Вот что, наверное, нейдет с ума у пленного, вот отчего морщится его лоб и болезненно кривятся пересохшие губы: ведь, несмотря ни на что, он принадлежит к той же расе, что и те, кто взял его в плен. Измените весь строй своего мышления, откажитесь от всех принципов и идеалов, все равно останется масса мелочей, пусть совсем незначительных — обороты речи, полузабытые песни, самые простые привычки, — которые будут напоминать о себе, сколько бы вы ни твердили, что окончательно порвали со своим прежним миром. И когда ему задавали вопросы на родном языке, пленный не мог не заметить, как много общего связывает его именно с этим миром, и тут уж никуда не денешься.

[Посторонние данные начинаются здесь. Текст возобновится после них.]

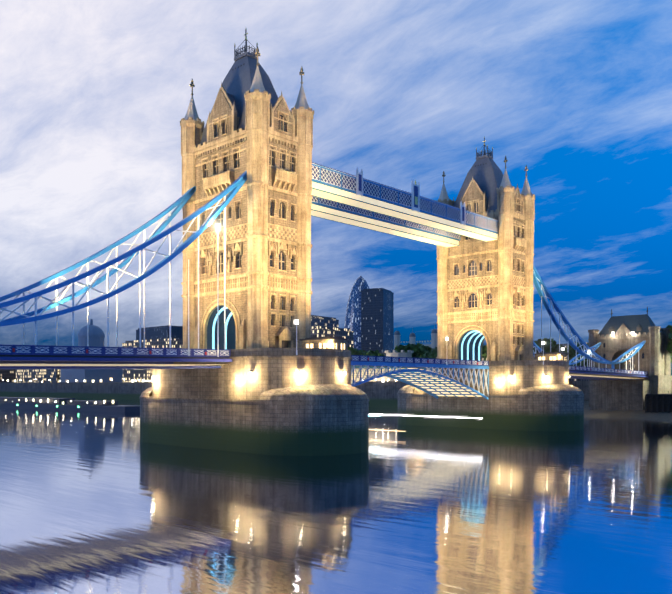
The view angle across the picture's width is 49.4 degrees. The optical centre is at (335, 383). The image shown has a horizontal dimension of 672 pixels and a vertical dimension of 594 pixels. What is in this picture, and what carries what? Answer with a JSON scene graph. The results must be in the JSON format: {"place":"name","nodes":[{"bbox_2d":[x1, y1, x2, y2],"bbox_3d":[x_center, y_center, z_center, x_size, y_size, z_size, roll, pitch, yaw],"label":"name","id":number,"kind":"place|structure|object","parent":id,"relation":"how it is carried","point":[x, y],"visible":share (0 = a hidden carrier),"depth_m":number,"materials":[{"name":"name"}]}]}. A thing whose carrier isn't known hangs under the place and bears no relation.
{"place":"outdoors","nodes":[
{"label":"outdoors","id":0,"kind":"place"},
{"bbox_2d":[0,363,14,382],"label":"city block","id":1,"kind":"structure","parent":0,"point":[7,374],"depth_m":844.51,"materials":[{"name":"black"}]},
{"bbox_2d":[60,319,122,381],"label":"domed building","id":2,"kind":"structure","parent":0,"point":[96,336],"depth_m":637.25,"materials":[{"name":"stone"}]},
{"bbox_2d":[122,338,182,381],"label":"city block","id":3,"kind":"structure","parent":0,"point":[134,375],"depth_m":690.64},
{"bbox_2d":[136,325,182,339],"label":"city block","id":4,"kind":"structure","parent":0,"point":[158,332],"depth_m":994.84,"materials":[{"name":"blue glass"}]},
{"bbox_2d":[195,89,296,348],"bbox_3d":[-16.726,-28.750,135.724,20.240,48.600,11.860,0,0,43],"label":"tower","id":5,"kind":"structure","parent":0,"point":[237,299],"depth_m":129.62,"materials":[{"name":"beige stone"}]},
{"bbox_2d":[200,52,277,143],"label":"tower roof","id":6,"kind":"structure","parent":5,"relation":"on","point":[237,83],"depth_m":133.20,"materials":[{"name":"stone"}]},
{"bbox_2d":[232,30,257,70],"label":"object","id":7,"kind":"structure","parent":6,"relation":"on","point":[238,52],"depth_m":135.02,"materials":[{"name":"grey metal"}]},
{"bbox_2d":[311,315,338,327],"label":"city block","id":8,"kind":"structure","parent":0,"point":[321,320],"depth_m":796.83,"materials":[{"name":"blue glass"}]},
{"bbox_2d":[311,326,353,346],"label":"city block","id":9,"kind":"structure","parent":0,"point":[318,331],"depth_m":589.65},
{"bbox_2d":[0,396,671,593],"bbox_3d":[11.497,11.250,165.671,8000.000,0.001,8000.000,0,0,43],"label":"river water","id":10,"kind":"structure","parent":0,"point":[92,502],"depth_m":63.95,"materials":[{"name":"blue liquid"}]},
{"bbox_2d":[0,397,139,412],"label":"river pontoon","id":11,"kind":"object","parent":10,"relation":"on","point":[51,404],"visible":0.81,"depth_m":312.68,"materials":[{"name":"grey"}]},
{"bbox_2d":[140,357,368,455],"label":"pier","id":12,"kind":"structure","parent":10,"relation":"in","point":[303,428],"depth_m":119.07,"materials":[{"name":"stone"}]},
{"bbox_2d":[0,355,229,358],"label":"bridge deck","id":13,"kind":"structure","parent":12,"relation":"on","point":[78,356],"depth_m":106.29,"materials":[{"name":"metal"}]},
{"bbox_2d":[0,344,230,356],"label":"bridge railing","id":14,"kind":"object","parent":13,"relation":"on","point":[51,348],"depth_m":105.67,"materials":[{"name":"blue metal"}]},
{"bbox_2d":[0,357,231,368],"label":"bridge deck girder","id":15,"kind":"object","parent":13,"relation":"attached to","point":[41,360],"depth_m":111.55,"materials":[{"name":"blue metal"}]},
{"bbox_2d":[0,364,221,365],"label":"span soffit","id":16,"kind":"structure","parent":15,"relation":"attached to","point":[104,364],"depth_m":113.10,"materials":[{"name":"beige"}]},
{"bbox_2d":[139,348,368,402],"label":"pier coping","id":17,"kind":"object","parent":12,"relation":"on","point":[290,352],"visible":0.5,"depth_m":118.18,"materials":[{"name":"stone"}]},
{"bbox_2d":[207,305,234,348],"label":"tower passage","id":18,"kind":"object","parent":17,"relation":"on","point":[231,334],"visible":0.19,"depth_m":136.88,"materials":[{"name":"blue metal"}]},
{"bbox_2d":[212,307,231,348],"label":"light strips","id":19,"kind":"object","parent":17,"relation":"on","point":[213,328],"visible":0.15,"depth_m":135.54,"materials":[{"name":"blue"}]},
{"bbox_2d":[180,47,313,348],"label":"bridge tower","id":20,"kind":"structure","parent":17,"relation":"on","point":[257,133],"depth_m":129.90,"materials":[{"name":"stone"}]},
{"bbox_2d":[0,170,246,325],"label":"suspension chains","id":21,"kind":"object","parent":20,"relation":"attached to","point":[235,186],"visible":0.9,"depth_m":115.53,"materials":[{"name":"blue metal"}]},
{"bbox_2d":[0,196,225,348],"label":"suspension rods","id":22,"kind":"object","parent":21,"relation":"attached to","point":[68,286],"visible":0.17,"depth_m":117.39,"materials":[{"name":"white metal"}]},
{"bbox_2d":[185,66,308,120],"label":"turret spires","id":23,"kind":"object","parent":20,"relation":"on","point":[257,82],"visible":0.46,"depth_m":132.19,"materials":[{"name":"stone"}]},
{"bbox_2d":[275,326,293,347],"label":"tower porch","id":24,"kind":"object","parent":17,"relation":"on","point":[284,333],"visible":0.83,"depth_m":127.87,"materials":[{"name":"stone"}]},
{"bbox_2d":[282,340,287,347],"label":"door","id":25,"kind":"structure","parent":17,"relation":"on","point":[284,344],"depth_m":128.80,"materials":[{"name":"brown wood"}]},
{"bbox_2d":[302,339,347,349],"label":"pier cabin","id":26,"kind":"object","parent":17,"relation":"on","point":[328,342],"depth_m":123.15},
{"bbox_2d":[300,322,349,340],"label":"kiosk roof","id":27,"kind":"structure","parent":17,"relation":"on","point":[314,337],"depth_m":123.71,"materials":[{"name":"grey metal"}]},
{"bbox_2d":[151,319,630,376],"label":"floodlights","id":28,"kind":"object","parent":12,"relation":"attached to","point":[345,371],"visible":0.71,"depth_m":137.28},
{"bbox_2d":[0,380,671,407],"bbox_3d":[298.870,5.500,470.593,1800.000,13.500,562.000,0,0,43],"label":"quay wall","id":29,"kind":"structure","parent":10,"relation":"in","point":[382,394],"depth_m":537.51,"materials":[{"name":"grey stone"}]},
{"bbox_2d":[15,369,59,382],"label":"city block","id":30,"kind":"structure","parent":29,"relation":"on","point":[38,375],"depth_m":802.23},
{"bbox_2d":[348,346,364,354],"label":"tree","id":31,"kind":"object","parent":29,"relation":"on","point":[354,351],"visible":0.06,"depth_m":396.02,"materials":[{"name":"green plant"}]},
{"bbox_2d":[357,350,384,355],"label":"tree","id":32,"kind":"object","parent":29,"relation":"on","point":[370,353],"visible":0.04,"depth_m":378.27,"materials":[{"name":"green plant"}]},
{"bbox_2d":[394,343,427,357],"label":"tree","id":33,"kind":"object","parent":29,"relation":"on","point":[419,349],"visible":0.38,"depth_m":365.43,"materials":[{"name":"green plant"}]},
{"bbox_2d":[419,347,436,358],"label":"tree","id":34,"kind":"object","parent":29,"relation":"on","point":[432,354],"visible":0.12,"depth_m":345.24,"materials":[{"name":"green plant"}]},
{"bbox_2d":[351,350,534,380],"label":"tower of london walls","id":35,"kind":"structure","parent":29,"relation":"on","point":[396,354],"depth_m":356.99,"materials":[{"name":"stone"}]},
{"bbox_2d":[482,345,486,360],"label":"tree","id":36,"kind":"object","parent":29,"relation":"on","point":[484,355],"depth_m":324.96,"materials":[{"name":"green plant"}]},
{"bbox_2d":[482,343,486,357],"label":"tree","id":37,"kind":"object","parent":29,"relation":"on","point":[483,349],"visible":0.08,"depth_m":334.70,"materials":[{"name":"green plant"}]},
{"bbox_2d":[533,337,565,358],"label":"tree","id":38,"kind":"object","parent":29,"relation":"on","point":[554,347],"visible":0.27,"depth_m":308.81,"materials":[{"name":"green plant"}]},
{"bbox_2d":[561,341,588,380],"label":"tree","id":39,"kind":"object","parent":29,"relation":"on","point":[570,350],"depth_m":295.84,"materials":[{"name":"green plant"}]},
{"bbox_2d":[666,325,671,353],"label":"tree","id":40,"kind":"object","parent":29,"relation":"on","point":[669,348],"visible":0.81,"depth_m":259.46,"materials":[{"name":"green plant"}]},
{"bbox_2d":[369,414,481,418],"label":"light trail","id":41,"kind":"object","parent":10,"relation":"on","point":[424,416],"visible":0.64,"depth_m":158.00,"materials":[{"name":"white"}]},
{"bbox_2d":[398,366,583,430],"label":"pier","id":42,"kind":"structure","parent":10,"relation":"in","point":[543,413],"depth_m":179.25,"materials":[{"name":"stone"}]},
{"bbox_2d":[188,228,630,369],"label":"lamp posts","id":43,"kind":"object","parent":42,"relation":"on","point":[296,325],"visible":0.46,"depth_m":120.26,"materials":[{"name":"metal"}]},
{"bbox_2d":[2,224,632,381],"bbox_3d":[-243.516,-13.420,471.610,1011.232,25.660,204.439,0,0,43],"label":"lamps","id":44,"kind":"object","parent":43,"relation":"attached to","point":[236,378],"depth_m":177.28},
{"bbox_2d":[397,360,583,395],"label":"pier coping","id":45,"kind":"object","parent":42,"relation":"on","point":[512,363],"visible":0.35,"depth_m":178.03,"materials":[{"name":"stone"}]},
{"bbox_2d":[459,330,484,360],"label":"ribs","id":46,"kind":"object","parent":45,"relation":"on","point":[465,343],"visible":0.31,"depth_m":198.28,"materials":[{"name":"blue metal"}]},
{"bbox_2d":[461,330,483,360],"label":"light strips","id":47,"kind":"object","parent":45,"relation":"on","point":[476,331],"visible":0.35,"depth_m":197.42,"materials":[{"name":"blue"}]},
{"bbox_2d":[436,156,534,360],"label":"bridge tower","id":48,"kind":"structure","parent":45,"relation":"on","point":[509,244],"depth_m":189.71,"materials":[{"name":"stone"}]},
{"bbox_2d":[311,164,497,246],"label":"high-level walkway","id":49,"kind":"structure","parent":48,"relation":"attached to","point":[373,217],"depth_m":161.87,"materials":[{"name":"blue metal"}]},
{"bbox_2d":[311,182,497,246],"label":"walkway soffit","id":50,"kind":"structure","parent":49,"relation":"attached to","point":[329,196],"depth_m":164.39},
{"bbox_2d":[312,163,497,238],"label":"walkway lattice","id":51,"kind":"object","parent":49,"relation":"on","point":[358,192],"visible":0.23,"depth_m":160.28,"materials":[{"name":"white paint"}]},
{"bbox_2d":[415,179,417,204],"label":"walkway crest","id":52,"kind":"object","parent":51,"relation":"attached to","point":[416,200],"visible":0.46,"depth_m":159.96,"materials":[{"name":"teal metal"}]},
{"bbox_2d":[439,169,531,200],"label":"turret spires","id":53,"kind":"object","parent":48,"relation":"on","point":[505,182],"visible":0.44,"depth_m":192.07,"materials":[{"name":"stone"}]},
{"bbox_2d":[515,344,524,359],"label":"tower porch","id":54,"kind":"object","parent":45,"relation":"on","point":[519,349],"visible":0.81,"depth_m":187.72,"materials":[{"name":"stone"}]},
{"bbox_2d":[533,351,568,354],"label":"kiosk roof","id":55,"kind":"structure","parent":45,"relation":"on","point":[551,353],"depth_m":183.27,"materials":[{"name":"grey metal"}]},
{"bbox_2d":[535,354,567,360],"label":"pier cabin","id":56,"kind":"object","parent":45,"relation":"on","point":[558,357],"depth_m":183.18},
{"bbox_2d":[584,401,671,419],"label":"riverbank","id":57,"kind":"structure","parent":10,"relation":"on","point":[640,414],"depth_m":249.13,"materials":[{"name":"grey stone"}]},
{"bbox_2d":[589,327,671,409],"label":"abutment","id":58,"kind":"object","parent":10,"relation":"on","point":[617,394],"depth_m":259.27,"materials":[{"name":"beige stone"}]},
{"bbox_2d":[569,370,646,376],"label":"bridge deck","id":59,"kind":"structure","parent":58,"relation":"on","point":[600,372],"depth_m":242.84,"materials":[{"name":"metal"}]},
{"bbox_2d":[533,264,645,368],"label":"span chains","id":60,"kind":"object","parent":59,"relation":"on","point":[566,322],"visible":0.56,"depth_m":216.24,"materials":[{"name":"blue metal"}]},
{"bbox_2d":[533,269,638,370],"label":"suspension rods","id":61,"kind":"object","parent":60,"relation":"attached to","point":[567,334],"visible":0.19,"depth_m":213.83,"materials":[{"name":"metal"}]},
{"bbox_2d":[569,371,647,379],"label":"deck girder","id":62,"kind":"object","parent":59,"relation":"on","point":[587,377],"depth_m":238.37,"materials":[{"name":"metal"}]},
{"bbox_2d":[569,374,643,378],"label":"span soffit","id":63,"kind":"structure","parent":62,"relation":"attached to","point":[604,376],"depth_m":237.30,"materials":[{"name":"beige"}]},
{"bbox_2d":[569,365,647,374],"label":"bridge parapet","id":64,"kind":"structure","parent":59,"relation":"on","point":[600,370],"depth_m":230.94,"materials":[{"name":"blue metal"}]},
{"bbox_2d":[569,366,646,373],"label":"parapet ornament","id":65,"kind":"object","parent":64,"relation":"attached to","point":[637,372],"visible":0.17,"depth_m":233.78,"materials":[{"name":"metal"}]},
{"bbox_2d":[599,314,655,335],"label":"abutment tower roof","id":66,"kind":"structure","parent":58,"relation":"on","point":[632,323],"depth_m":265.21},
{"bbox_2d":[588,307,671,370],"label":"stone trim","id":67,"kind":"structure","parent":58,"relation":"attached to","point":[623,330],"depth_m":262.48,"materials":[{"name":"beige stone"}]},
{"bbox_2d":[645,391,671,412],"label":"timber jetty","id":68,"kind":"object","parent":10,"relation":"in","point":[657,403],"visible":0.79,"depth_m":244.59,"materials":[{"name":"black wood"}]},
{"bbox_2d":[0,0,671,375],"label":"sky","id":69,"kind":"structure","parent":0,"point":[95,95],"materials":[{"name":"blue"}]},
{"bbox_2d":[344,276,369,349],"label":"skyscraper","id":70,"kind":"structure","parent":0,"point":[353,317],"depth_m":1204.89,"materials":[{"name":"blue glass"}]},
{"bbox_2d":[361,288,393,351],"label":"slab tower","id":71,"kind":"structure","parent":0,"point":[377,318],"depth_m":931.48,"materials":[{"name":"blue glass"}]},
{"bbox_2d":[394,333,436,348],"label":"white tower","id":72,"kind":"structure","parent":0,"point":[433,341],"depth_m":606.15,"materials":[{"name":"stone"}]},
{"bbox_2d":[394,323,436,336],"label":"white tower cupolas","id":73,"kind":"object","parent":72,"relation":"on","point":[434,330],"visible":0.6,"depth_m":611.42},
{"bbox_2d":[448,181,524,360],"bbox_3d":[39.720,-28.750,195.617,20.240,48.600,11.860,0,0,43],"label":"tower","id":74,"kind":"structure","parent":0,"point":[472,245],"depth_m":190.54,"materials":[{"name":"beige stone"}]},
{"bbox_2d":[453,155,502,212],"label":"tower roof","id":75,"kind":"structure","parent":74,"relation":"on","point":[488,177],"depth_m":192.75,"materials":[{"name":"stone"}]},
{"bbox_2d":[475,138,492,166],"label":"cresting","id":76,"kind":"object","parent":75,"relation":"on","point":[484,152],"visible":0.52,"depth_m":195.39,"materials":[{"name":"grey metal"}]},
{"bbox_2d":[560,343,634,380],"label":"city block","id":77,"kind":"structure","parent":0,"point":[628,360],"depth_m":571.61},
{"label":"bascule road","id":78,"kind":"structure","parent":0,"visible":0},
{"bbox_2d":[351,361,488,399],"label":"bascule girders","id":79,"kind":"object","parent":78,"relation":"on","point":[408,372],"visible":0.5,"depth_m":173.04,"materials":[{"name":"blue metal"}]},
{"bbox_2d":[351,368,481,396],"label":"bascule underside","id":80,"kind":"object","parent":79,"relation":"attached to","point":[427,384],"depth_m":180.69,"materials":[{"name":"beige metal"}]},
{"bbox_2d":[351,365,488,394],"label":"lattice bracing","id":81,"kind":"object","parent":79,"relation":"attached to","point":[455,371],"visible":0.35,"depth_m":172.00,"materials":[{"name":"blue metal"}]},
{"bbox_2d":[351,355,488,365],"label":"bridge railing","id":82,"kind":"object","parent":79,"relation":"on","point":[411,361],"depth_m":160.89,"materials":[{"name":"blue metal"}]},
{"bbox_2d":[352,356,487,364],"bbox_3d":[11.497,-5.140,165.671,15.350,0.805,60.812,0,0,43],"label":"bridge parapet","id":83,"kind":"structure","parent":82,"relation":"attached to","point":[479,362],"depth_m":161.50,"materials":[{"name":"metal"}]}
]}

Это стоит использовать, решил Томас. Например, как-нибудь вечерком послать солдат под окна изолятора: пусть поют старые песни времен прошлой войны; в другой раз дать Фриру книги, которые он, вероятно, читал в юные годы, когда жадно впитываешь любые впечатления: как знать, может, что-нибудь в этом роде, искусно подогретые воспоминания прошлого, как бомба, разорвутся в его мозгу, и стройное здание политических убеждений взлетит на воздух? Попробовать стоит. В глазах тех, кто захватил его в плен, Фрир нарушил все принципы белого человека, так как стер самую простую и очевидную грань между воюющими сторонами, однако ведь и в его душе все это должно было вызывать не меньшее смятение — смятение, которое и поможет Томасу сыграть на чувствах пленного.

Прохлада солдатской столовой соблазнила его, и Томас сделал остановку по дороге на противоположный конец зоны. Он взял стакан прохладительного, пил маленькими глотками, не отходя от стойки, и наблюдал за солдатами: в свободные от дозора часы они растягивали время завтрака до обеда, разленившиеся, сварливые, упавшие духом. Вот еще один пример бесплодной траты человеческих сил в расколотом надвое мире. Приятно сознавать, что он, Томас, именно тем и занят, что пытается наладить разумный контакт между двумя лагерями, которые грудь с грудью столкнулись на всем земном шаре. Он испытывал даже нечто вроде подлинного волнения, считая, что берет на себя роль идеологически нейтрального лица, и с риском быть заподозренным в измене, одерживает блистательную победу. Только бы ему дали время, позволили довести дело до конца!

Томас уже дошел до своего отдела и занялся повседневной бумажной писаниной, а мысли его все возвращались к неожиданно подвернувшейся ситуации; он перебирал все возможности, рассматривал их в более широкой перспективе и намечал новые и новые ходы в кампании, которая выходила далеко за пределы уговора с Лорингом и Шэфером.